I think you're brilliant, end of story x
Never second guess your posts - the key word of warning is "cheerfully", right. And you do it best.
My fridge is certainly a horror story today - in fact a major blood bath - seriously! The photograph shows all! It's karma at play I reckon as I was rather disingenuous last week about my Mom's home grown pickled beetroot in the FWF comments. I knew there was something spooky about that jar...
Kristen You Rock - and the 99.9% of us know it!
I hope you are feeling better today. I just want to say that despite what you feel you do wrong or fail at, you do a HECK of a lot of things right and I thank you for that. You continue to be a humble source of cheerful determination and inspiration and you have made a genuine difference in so many people's lives who turn to your blog for continued support. You are seriously cool too - you balance out kids, work, happy home while keeping your bills down, planning awesome vacations and oh yeah, homeschooling on top of it. Seriously, you're awesome. don't forget it!

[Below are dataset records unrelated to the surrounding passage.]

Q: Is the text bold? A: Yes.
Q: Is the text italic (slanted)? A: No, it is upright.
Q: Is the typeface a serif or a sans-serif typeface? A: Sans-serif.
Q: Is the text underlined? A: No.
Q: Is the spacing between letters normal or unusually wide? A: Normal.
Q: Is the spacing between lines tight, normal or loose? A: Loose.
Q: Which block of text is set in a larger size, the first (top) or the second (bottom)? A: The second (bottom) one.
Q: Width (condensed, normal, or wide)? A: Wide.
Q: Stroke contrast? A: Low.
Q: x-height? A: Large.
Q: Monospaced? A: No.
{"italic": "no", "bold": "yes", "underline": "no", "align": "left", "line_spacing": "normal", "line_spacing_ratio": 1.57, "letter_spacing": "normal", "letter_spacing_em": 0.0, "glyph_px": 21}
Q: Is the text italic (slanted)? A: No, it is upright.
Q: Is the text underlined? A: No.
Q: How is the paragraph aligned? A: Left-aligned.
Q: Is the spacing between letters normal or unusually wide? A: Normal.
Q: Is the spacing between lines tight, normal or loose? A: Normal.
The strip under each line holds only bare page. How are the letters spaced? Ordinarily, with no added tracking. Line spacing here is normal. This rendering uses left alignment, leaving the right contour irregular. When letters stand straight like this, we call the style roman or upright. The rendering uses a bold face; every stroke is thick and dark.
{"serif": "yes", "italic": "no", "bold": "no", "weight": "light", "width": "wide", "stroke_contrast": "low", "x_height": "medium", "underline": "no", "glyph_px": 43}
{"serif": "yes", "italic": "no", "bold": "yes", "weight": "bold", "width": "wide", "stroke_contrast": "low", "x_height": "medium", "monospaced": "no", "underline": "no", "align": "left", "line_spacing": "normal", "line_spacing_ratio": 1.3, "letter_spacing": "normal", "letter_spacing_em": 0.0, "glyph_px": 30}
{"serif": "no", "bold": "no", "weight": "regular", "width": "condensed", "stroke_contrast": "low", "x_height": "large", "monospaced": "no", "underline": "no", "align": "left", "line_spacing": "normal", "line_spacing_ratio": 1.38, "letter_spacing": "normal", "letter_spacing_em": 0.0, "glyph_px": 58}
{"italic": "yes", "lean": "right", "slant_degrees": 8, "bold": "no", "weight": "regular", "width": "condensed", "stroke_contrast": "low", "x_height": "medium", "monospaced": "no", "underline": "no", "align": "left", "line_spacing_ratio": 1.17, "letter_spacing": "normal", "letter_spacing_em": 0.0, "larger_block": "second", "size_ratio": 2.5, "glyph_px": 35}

This was an extremely bad week for food in our house. I wasted: Banana bread that tasted nothing like banana,Banana's,apples that were supposed to be golden delicious but were more like golden disgusting,a tomato,hot dogs and the rolls to go with,severely freezer burned chicken,oatmeal that my mom has had in the cabinet for well over a year,a pear that went bad.
The biggest disappoint was the banana's,they were from Aldi and the last few times I've gotten them there this has been an issue. They go bad too fast for me and mom to eat them up in enough time. Going to try this time getting them elsewhere and only get 2 or 3.
I never buy bananas at Aldi. The kind that come in a plastic bag have been gassed to ripen them, and they always, always go from green to spotted with no happy in between for me.
I highly recommend purchasing your bananas elsewhere. 🙂
Wanda and Kristen
With the bananas from wherever you buy them, here's a tip. Take them out of the bag and separate them. I usually put them in different areas of the kitchen/dining area. I can buy +2lbs and have them stay ripe for 1-1.5weeks without going mushy. Very rarely do I have bananas go bad once I learned to keep them separate.
This note is just for Kristen about the bad comments, etc the other day. As my 6yr son would say 'You rock!' Keep your chin up and keep blogging your style...it rocks!
Jinx! 🙂
Great tip on the bananas...I did not know that!
Do you take them out of the bag as soon as you get home? I do that and haven't had that many problems. Although I have been known to freeze a lot of bananas or make banana pudding when they get too brown.
Oatmeal went bad? That happens?
Apparently so. I didn't think oatmeal could smell like that but it did and we didn't notice because its individual packets.
Yes we take the banana's immediately out of the bag when we get home from Aldi. I just don't know what the problem is and at this point I am going to try something else. It is the only thing at Aldi I have gotten that didn't work out.
I have that issue as well, I bought bananas last Friday and today is the last of eating them. I'm making some banana bread to take to a benefit at church tomorrow. I was pretty excited because my bananas were green when I got them and TOO hard the first couple of days, but it was like they went from green to brown in a day. Very uncool. But at least now I know I'm not the only one.
Agreed - I've finally learned that produce in packaging goes bad faster. Took me quite awhile to learn. That said, we wasted a bag of lettuce this week, so maybe I didn't learn! But at least I know why.
I have to stop at whole fooods tomorrow so I will get a few there and hope for the best.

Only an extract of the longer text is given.